Many medical device companies settled allegations of kickbacks given to doctors in 2023: US Department of Justice
The US Department of Justice (DoJ) has issued a press release that it has recorded the highest number of settlements and judgements in its history. Some of major settlements involved allegations of unlawful kickbacks medical device companies to doctors, in form of above-fair market value supervision fees or remuneration for medical directorships and improper donation of capital equipment.
Source: bit.ly/49X0H4H

Fair-use defense against copyright infringement by AI companies will be tested in new trial by media companies against Open AI
In a new set of lawsuits in the US, media companies are not alleging copyright infringement by AI companies to train the algorithm, but instead alleging that before training, the AI companies removed information from the training material which established that the material was copyrighted, such as the name of the author the news. The Digital Millennium Copyright Act or DMCA, law in the US reportedly prohibits the removal of information that can help copyright holders detect infringement, including article titles, author names, and copyright dates.
Source: bit.ly/3Ih1MbA

TOP 5 HEALTH LAWS & POLICY UPDATES

Dear Reader, We are happy to share the most interesting legal and policy updates concerning health industry that we read today. We hope you enjoy reading it.

New Departmental Guidelines for sampling of Spurious Drugs, Medical Devices and Cosmetics Published
India’s apex regulatory body for drugs, medical devices and cosmetics, the Central Drugs Standards Control Organization, has published revised sampling guidelines for inspectors to follow in various states. All inspectors are required to collect at least 9 samples of drugs, and 1 sample of cosmetic or medical device in each month. The inspectors are supposed to be alert about feedback received from citizens and doctors in deciding which drugs, cosmetics and medical device brands they ought to sample and test for compliance with laws.
Source: bit.ly/3SDnLym

Social Media companies asked by High Court to handover details of persons who fraudulently operated certain accounts and channels
The Delhi High Court has ordered major social media companies including Facebook and Telegram to disclose identities of users accused of misusing trademark of major venture capital firm to cheat users by soliciting bogus investments.
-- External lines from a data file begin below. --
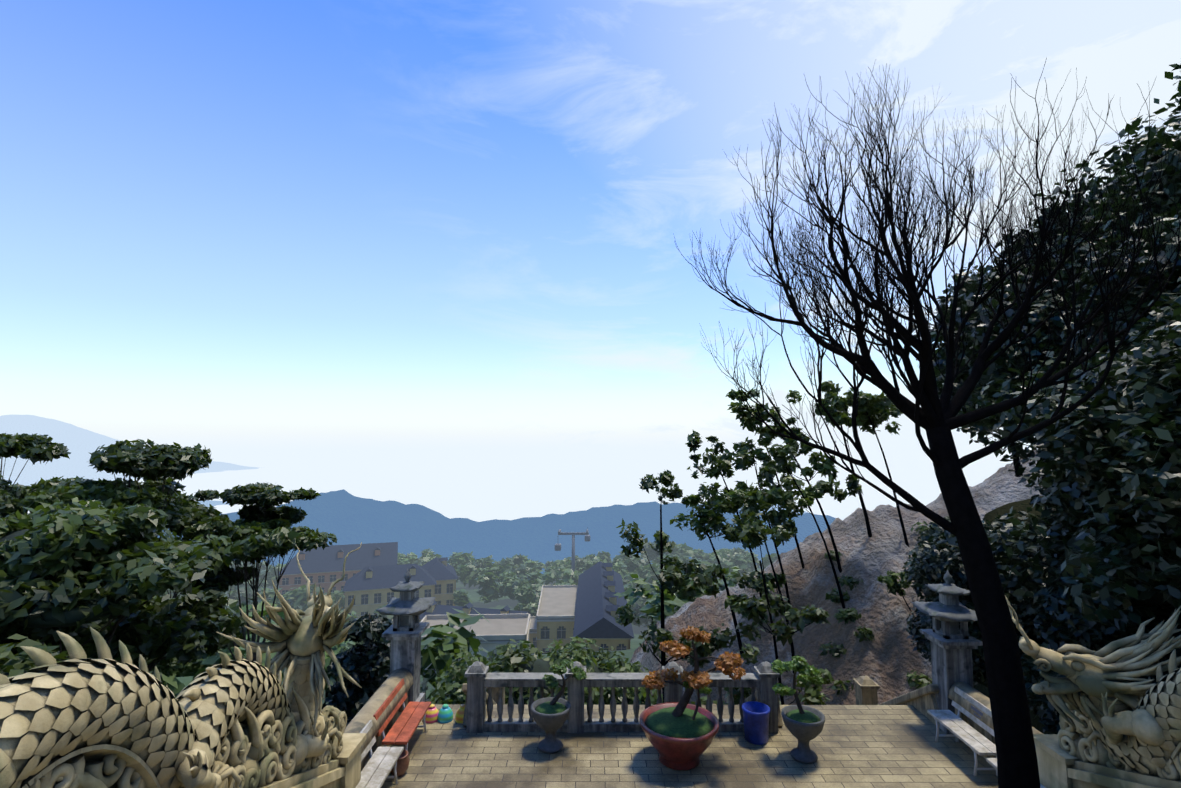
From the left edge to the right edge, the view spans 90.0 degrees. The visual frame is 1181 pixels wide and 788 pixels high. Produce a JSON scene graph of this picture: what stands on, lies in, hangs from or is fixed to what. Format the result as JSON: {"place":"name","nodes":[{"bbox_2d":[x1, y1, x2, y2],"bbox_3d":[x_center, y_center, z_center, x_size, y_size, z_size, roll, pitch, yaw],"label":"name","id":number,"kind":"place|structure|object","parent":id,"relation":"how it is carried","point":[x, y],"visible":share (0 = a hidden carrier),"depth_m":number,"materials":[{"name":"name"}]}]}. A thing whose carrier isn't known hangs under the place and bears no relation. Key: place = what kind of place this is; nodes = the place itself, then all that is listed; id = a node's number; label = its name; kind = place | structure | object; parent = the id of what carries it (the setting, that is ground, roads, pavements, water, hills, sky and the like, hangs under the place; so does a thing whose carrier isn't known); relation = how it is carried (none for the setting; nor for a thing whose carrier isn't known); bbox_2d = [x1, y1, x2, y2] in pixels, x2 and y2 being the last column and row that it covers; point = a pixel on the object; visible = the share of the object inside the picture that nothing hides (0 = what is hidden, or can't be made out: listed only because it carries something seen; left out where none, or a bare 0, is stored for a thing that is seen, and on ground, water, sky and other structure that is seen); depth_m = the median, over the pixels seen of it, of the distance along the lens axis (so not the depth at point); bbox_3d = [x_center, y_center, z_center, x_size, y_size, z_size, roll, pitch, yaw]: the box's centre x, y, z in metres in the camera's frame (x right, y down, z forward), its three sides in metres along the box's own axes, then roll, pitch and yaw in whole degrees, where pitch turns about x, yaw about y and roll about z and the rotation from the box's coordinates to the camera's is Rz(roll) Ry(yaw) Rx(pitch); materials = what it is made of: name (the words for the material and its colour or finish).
{"place":"outdoors","nodes":[
{"label":"outdoors","id":0,"kind":"place"},
{"bbox_2d":[0,415,263,485],"bbox_3d":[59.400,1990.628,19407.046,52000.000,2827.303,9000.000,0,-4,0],"label":"mountain range","id":1,"kind":"structure","parent":0,"point":[79,443],"depth_m":19780.78,"materials":[{"name":"blue"}]},
{"bbox_2d":[0,463,284,676],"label":"shade tree","id":2,"kind":"object","parent":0,"point":[73,615],"visible":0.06,"depth_m":12.82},
{"bbox_2d":[0,433,337,676],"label":"tree group","id":3,"kind":"object","parent":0,"point":[71,560],"depth_m":16.01},
{"bbox_2d":[168,567,762,704],"bbox_3d":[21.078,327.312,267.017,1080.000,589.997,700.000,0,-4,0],"label":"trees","id":4,"kind":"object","parent":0,"point":[503,602],"depth_m":176.19,"materials":[{"name":"green plant"}]},
{"bbox_2d":[277,542,397,598],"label":"hall building","id":5,"kind":"structure","parent":4,"relation":"on","point":[322,567],"depth_m":189.41,"materials":[{"name":"brick"}]},
{"bbox_2d":[322,612,392,725],"bbox_3d":[-5.835,10.904,15.273,5.076,10.200,4.769,0,-4,0],"label":"bush","id":6,"kind":"object","parent":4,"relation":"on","point":[358,662],"depth_m":15.12,"materials":[{"name":"green plant"}]},
{"bbox_2d":[343,564,436,618],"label":"house","id":7,"kind":"structure","parent":4,"relation":"on","point":[368,587],"depth_m":161.66,"materials":[{"name":"stone"}]},
{"bbox_2d":[27,540,779,701],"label":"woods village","id":8,"kind":"object","parent":4,"relation":"on","point":[522,579],"depth_m":166.03,"materials":[{"name":"green plant"}]},
{"bbox_2d":[421,557,457,605],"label":"building","id":9,"kind":"structure","parent":4,"relation":"on","point":[442,572],"depth_m":171.43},
{"bbox_2d":[420,613,530,674],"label":"cafe building","id":10,"kind":"structure","parent":4,"relation":"on","point":[500,629],"depth_m":98.41,"materials":[{"name":"concrete"}]},
{"bbox_2d":[419,600,532,621],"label":"gallery building","id":11,"kind":"structure","parent":4,"relation":"on","point":[435,609],"depth_m":147.36,"materials":[{"name":"stone"}]},
{"bbox_2d":[529,616,536,647],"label":"building","id":12,"kind":"structure","parent":4,"relation":"on","point":[533,633],"depth_m":134.11,"materials":[{"name":"concrete"}]},
{"bbox_2d":[427,636,662,704],"bbox_3d":[-2.607,15.914,27.086,13.609,10.032,15.299,0,-4,0],"label":"hedge","id":13,"kind":"object","parent":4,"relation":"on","point":[449,691],"depth_m":26.98,"materials":[{"name":"green plant"}]},
{"bbox_2d":[461,659,643,704],"bbox_3d":[-2.641,14.904,26.997,11.252,6.137,12.728,0,-4,0],"label":"bush","id":14,"kind":"object","parent":4,"relation":"on","point":[540,666],"visible":0.04,"depth_m":25.68,"materials":[{"name":"green plant"}]},
{"bbox_2d":[536,585,577,654],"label":"building block","id":15,"kind":"structure","parent":4,"relation":"on","point":[555,617],"depth_m":123.06,"materials":[{"name":"stone"}]},
{"bbox_2d":[555,527,589,571],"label":"cable car pylon","id":16,"kind":"object","parent":4,"relation":"on","point":[573,534],"visible":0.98,"depth_m":211.10,"materials":[{"name":"grey metal"}]},
{"bbox_2d":[573,561,633,651],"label":"building","id":17,"kind":"structure","parent":4,"relation":"on","point":[598,601],"depth_m":113.57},
{"bbox_2d":[157,489,835,573],"bbox_3d":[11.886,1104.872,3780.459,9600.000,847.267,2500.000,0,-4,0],"label":"mountain range","id":18,"kind":"structure","parent":0,"point":[345,517],"depth_m":3958.21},
{"bbox_2d":[198,500,807,513],"bbox_3d":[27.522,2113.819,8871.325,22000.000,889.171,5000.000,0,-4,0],"label":"mountain range","id":19,"kind":"structure","parent":0,"point":[206,503],"depth_m":10662.72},
{"bbox_2d":[28,450,1012,521],"bbox_3d":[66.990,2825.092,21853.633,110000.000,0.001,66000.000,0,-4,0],"label":"sea","id":20,"kind":"structure","parent":0,"point":[479,485],"depth_m":18500.68,"materials":[{"name":"white liquid"}]},
{"bbox_2d":[0,0,1180,449],"label":"sky","id":21,"kind":"structure","parent":0,"point":[225,224],"materials":[{"name":"blue"}]},
{"bbox_2d":[381,704,997,787],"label":"terrace paving","id":22,"kind":"structure","parent":0,"point":[875,746],"depth_m":9.86,"materials":[{"name":"stone"}]},
{"bbox_2d":[344,668,412,770],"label":"wall","id":23,"kind":"structure","parent":22,"relation":"on","point":[359,721],"depth_m":10.02,"materials":[{"name":"stone"}]},
{"bbox_2d":[356,720,403,787],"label":"white bench","id":24,"kind":"object","parent":22,"relation":"on","point":[379,766],"visible":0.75,"depth_m":8.94,"materials":[{"name":"paint"}]},
{"bbox_2d":[390,749,409,776],"bbox_3d":[-3.072,5.924,9.459,0.340,0.300,0.340,0,-4,0],"label":"clay pot","id":25,"kind":"object","parent":22,"relation":"on","point":[403,760],"visible":0.58,"depth_m":9.36,"materials":[{"name":"brown ceramic"}]},
{"bbox_2d":[373,679,430,749],"bbox_3d":[-3.249,5.699,10.278,0.559,0.871,1.450,0,-4,0],"label":"red bench","id":26,"kind":"object","parent":22,"relation":"on","point":[406,724],"visible":0.73,"depth_m":10.16,"materials":[{"name":"paint"}]},
{"bbox_2d":[376,569,435,702],"bbox_3d":[-3.665,4.867,11.742,0.920,2.740,0.920,0,-4,0],"label":"lantern","id":27,"kind":"object","parent":22,"relation":"on","point":[404,631],"visible":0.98,"depth_m":11.56,"materials":[{"name":"stone"}]},
{"bbox_2d":[531,697,570,753],"bbox_3d":[-0.690,5.776,10.264,0.700,0.710,0.700,0,-4,0],"label":"urn","id":28,"kind":"object","parent":22,"relation":"on","point":[549,719],"visible":0.98,"depth_m":10.13,"materials":[{"name":"stone"}]},
{"bbox_2d":[542,655,824,713],"bbox_3d":[1.551,4.945,10.138,4.832,1.021,0.996,0,-4,0],"label":"bonsai plant","id":29,"kind":"object","parent":28,"relation":"in","point":[805,669],"depth_m":10.03,"materials":[{"name":"green plant"}]},
{"bbox_2d":[465,661,779,733],"bbox_3d":[0.578,5.570,10.927,5.750,1.220,0.380,0,-4,0],"label":"balustrade","id":30,"kind":"object","parent":22,"relation":"on","point":[762,679],"visible":0.77,"depth_m":10.82,"materials":[{"name":"stone"}]},
{"bbox_2d":[639,702,718,770],"bbox_3d":[1.479,5.747,9.859,1.320,0.710,1.320,0,-4,0],"label":"plant pot","id":31,"kind":"object","parent":22,"relation":"on","point":[683,742],"visible":0.96,"depth_m":9.56,"materials":[{"name":"red ceramic"}]},
{"bbox_2d":[641,625,745,719],"bbox_3d":[1.739,4.698,9.946,1.780,1.553,1.126,0,-4,0],"label":"bonsai tree","id":32,"kind":"object","parent":31,"relation":"in","point":[728,663],"depth_m":9.86,"materials":[{"name":"orange plant"}]},
{"bbox_2d":[683,680,711,694],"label":"leaves","id":33,"kind":"object","parent":32,"relation":"attached to","point":[706,690],"visible":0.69,"depth_m":9.79,"materials":[{"name":"green plant"}]},
{"bbox_2d":[742,701,769,744],"bbox_3d":[2.951,5.870,10.517,0.490,0.560,0.490,0,-4,0],"label":"blue bin","id":34,"kind":"object","parent":22,"relation":"on","point":[756,720],"visible":1,"depth_m":10.36,"materials":[{"name":"plastic"}]},
{"bbox_2d":[781,705,824,763],"bbox_3d":[3.590,5.754,9.952,0.700,0.710,0.700,0,-4,0],"label":"urn","id":35,"kind":"object","parent":22,"relation":"on","point":[805,728],"visible":0.98,"depth_m":9.82,"materials":[{"name":"stone"}]},
{"bbox_2d":[910,570,982,733],"bbox_3d":[6.783,4.761,11.116,0.966,2.860,0.966,0,-4,0],"label":"lantern","id":36,"kind":"object","parent":22,"relation":"on","point":[952,645],"visible":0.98,"depth_m":10.93,"materials":[{"name":"stone"}]},
{"bbox_2d":[927,686,997,775],"bbox_3d":[6.359,5.676,9.949,0.559,0.871,1.450,0,-4,0],"label":"white bench","id":37,"kind":"object","parent":22,"relation":"on","point":[974,740],"visible":0.69,"depth_m":9.95,"materials":[{"name":"paint"}]},
{"bbox_2d":[948,682,1042,758],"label":"wall","id":38,"kind":"structure","parent":22,"relation":"on","point":[974,693],"depth_m":10.27,"materials":[{"name":"stone"}]},
{"bbox_2d":[986,744,1045,787],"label":"white bench","id":39,"kind":"object","parent":22,"relation":"on","point":[992,762],"visible":0.1,"depth_m":8.94,"materials":[{"name":"paint"}]},
{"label":"stair paving","id":40,"kind":"object","parent":22,"relation":"on","visible":0},
{"bbox_2d":[0,542,366,787],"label":"dragon statue","id":41,"kind":"object","parent":40,"relation":"on","point":[79,719],"visible":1,"depth_m":5.03,"materials":[{"name":"stone"}]},
{"bbox_2d":[673,57,1180,787],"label":"bare tree","id":42,"kind":"object","parent":40,"relation":"on","point":[933,415],"visible":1,"depth_m":7.84,"materials":[{"name":"black plant"}]},
{"bbox_2d":[1005,596,1180,787],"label":"dragon statue","id":43,"kind":"object","parent":40,"relation":"on","point":[1118,729],"visible":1,"depth_m":7.36,"materials":[{"name":"stone"}]},
{"bbox_2d":[615,380,931,704],"bbox_3d":[15.754,13.539,29.671,30.281,31.155,36.142,0,-4,0],"label":"slim tree","id":44,"kind":"object","parent":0,"point":[746,530],"depth_m":38.75,"materials":[{"name":"green plant"}]},
{"bbox_2d":[630,449,1044,704],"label":"hillside rock","id":45,"kind":"object","parent":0,"point":[887,660],"visible":0.27,"depth_m":42.04,"materials":[{"name":"grey stone"}]},
{"bbox_2d":[973,496,1180,733],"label":"hillside","id":46,"kind":"structure","parent":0,"point":[990,516],"depth_m":28.14,"materials":[{"name":"grey stone"}]},
{"bbox_2d":[902,58,1180,733],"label":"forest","id":47,"kind":"object","parent":46,"relation":"on","point":[1143,525],"depth_m":10.42,"materials":[{"name":"green plant"}]},
{"bbox_2d":[923,135,1180,695],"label":"tree","id":48,"kind":"object","parent":46,"relation":"on","point":[1158,597],"visible":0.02,"depth_m":10.94,"materials":[{"name":"green plant"}]},
{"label":"stair paving","id":49,"kind":"object","parent":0,"visible":0},
{"bbox_2d":[425,704,438,722],"bbox_3d":[-3.030,6.160,11.252,0.300,0.470,0.300,0,-4,0],"label":"vase","id":50,"kind":"object","parent":49,"relation":"on","point":[432,714],"visible":0.46,"depth_m":11.16,"materials":[{"name":"ceramic"}]},
{"bbox_2d":[437,704,452,722],"bbox_3d":[-2.767,6.160,11.251,0.300,0.470,0.300,0,-4,0],"label":"vase","id":51,"kind":"object","parent":49,"relation":"on","point":[445,713],"visible":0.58,"depth_m":11.16,"materials":[{"name":"teal ceramic"}]},
{"bbox_2d":[455,704,464,722],"bbox_3d":[-2.427,6.160,11.250,0.300,0.470,0.300,0,-4,0],"label":"vase","id":52,"kind":"object","parent":49,"relation":"on","point":[459,716],"visible":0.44,"depth_m":11.15,"materials":[{"name":"yellow ceramic"}]},
{"bbox_2d":[462,683,504,725],"bbox_3d":[-2.248,7.798,13.900,0.440,4.241,6.147,0,-4,0],"label":"stair rail","id":53,"kind":"object","parent":49,"relation":"attached to","point":[495,694],"visible":0.21,"depth_m":12.37,"materials":[{"name":"stone"}]},
{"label":"stair paving","id":54,"kind":"object","parent":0,"visible":0},
{"bbox_2d":[712,675,939,725],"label":"stone wall","id":55,"kind":"structure","parent":54,"relation":"on","point":[922,700],"depth_m":11.99,"materials":[{"name":"stone"}]}
]}

The court has also ordered concerned social media companies to provide details on action they will take to prevent further violation.
Source: bit.ly/3HXkxAP

WhatsApp and emails may be used to send legal notices for demanding unpaid amounts: High Court
The Allahabad High Court has reiterated that notice in cheque bounce case sent by WhatsApp or e-mail will be considered valid notice for the purposes of recovery under The Negotiable Instruments Act, 1881, and it will be presumed to have been dispatched and served on the same day.
Source: bit.ly/48f8Xf6

Popular Party Drugs added to list of Psychotropic Substances
The Indian Government has added popular synthetic party drugs, ADB-BUTINACA, Alpha-PiHP and 3 Methylmethcathinone (3-MMC), to list of psychotropic substances and notified small and commercial quantity of these substances for the purpose of fixing quantum of punishment for unlawful possession. Possessing psychotropic substances without permission or prescription is an offence under Narcotic Drugs and Psychotropic Substances Act, 1985.
Source: bit.ly/48ghuhM

WHO recommends antibiotics which should be exclusively put to human use to reduce chance of antimicrobial resistance
The World Health Organization (WHO) has updated its Medically Important Antimicrobials for Human Use (WHO MIA List), and reclassified antimicrobial drugs on basis of potential impact on human heath to limit the use of identified antimicrobials in other populations such as in plants and animals. The WHO hopes that reducing use of critical antimicrobial drugs in other population will reduce pace of antimicrobial resistance.
Source: bit.ly/49eVll9

The Liability Conundrum for Telemedicine Platforms in India: Striking a Balance between Vicarious and Intermediary Liability

Telemedicine Vicarious Liability India

Introduction 

The COVID-19 pandemic, coupled with legitimisation of telemedicine in March 2020, has propelled the popularity of telemedicine manifold, with telemedicine platforms at the forefront. A question that arises is what the liability of these platforms is for any mishaps or complaints that patients may have about the consultations that they have with doctors through these platforms. The general perception is that, as technology providers, the platforms are intermediaries and are exempt from liability for consultations that take place on the platform. However, it is not quite that straightforward.

Liability exposure   

The principles of vicarious liability and intermediary liability, though derived from different laws, are closely linked and are both paramount factors for telemedicine platforms to take into consideration while structuring their business and governance policies. Both concepts define the liability of an entity – in this case the telemedicine platform – for the actions of another person. Vicarious liability arises when the platform had the right, ability or duty to control the activities of the violator i.e., the doctor.  Intermediary liability, on the other hand, arises because the platform facilitates the violator’s actions, and would cover violations by both the doctors and patients who use the platform. The former is largely dealt with by the Consumer Protection Act, 2019, while intermediary liability is derived from the Information Technology Act, 2000.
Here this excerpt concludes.